** Opening Extracted records block **
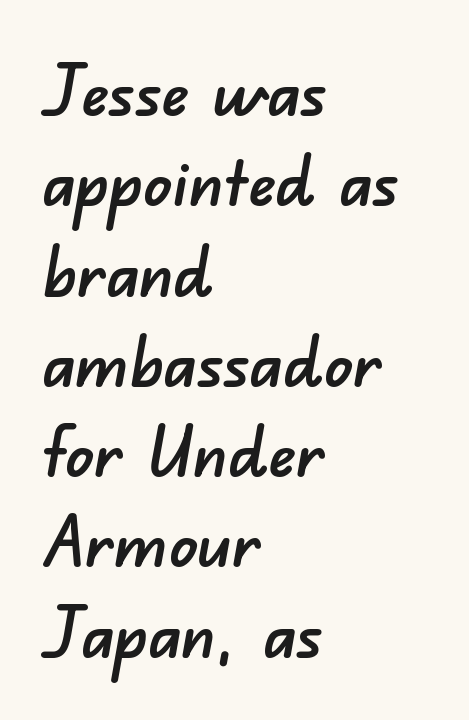
Q: Is the typeface a serif or a sans-serif typeface? A: Sans-serif.
Q: Is the text underlined? A: No.
Q: How is the paragraph aligned? A: Left-aligned.
Q: Is the spacing between letters normal or unusually wide? A: Normal.
Q: Is the spacing between lines tight, normal or loose? A: Normal.
Q: Width (condensed, normal, or wide)? A: Normal.
Q: Stroke contrast? A: Low.
Q: x-height? A: Small.
Q: Monospaced? A: No.
** Closing Extracted records block **
*Task goal:* Count the lines of these entries that hold the string "between", and give only that number.

*Response:* 2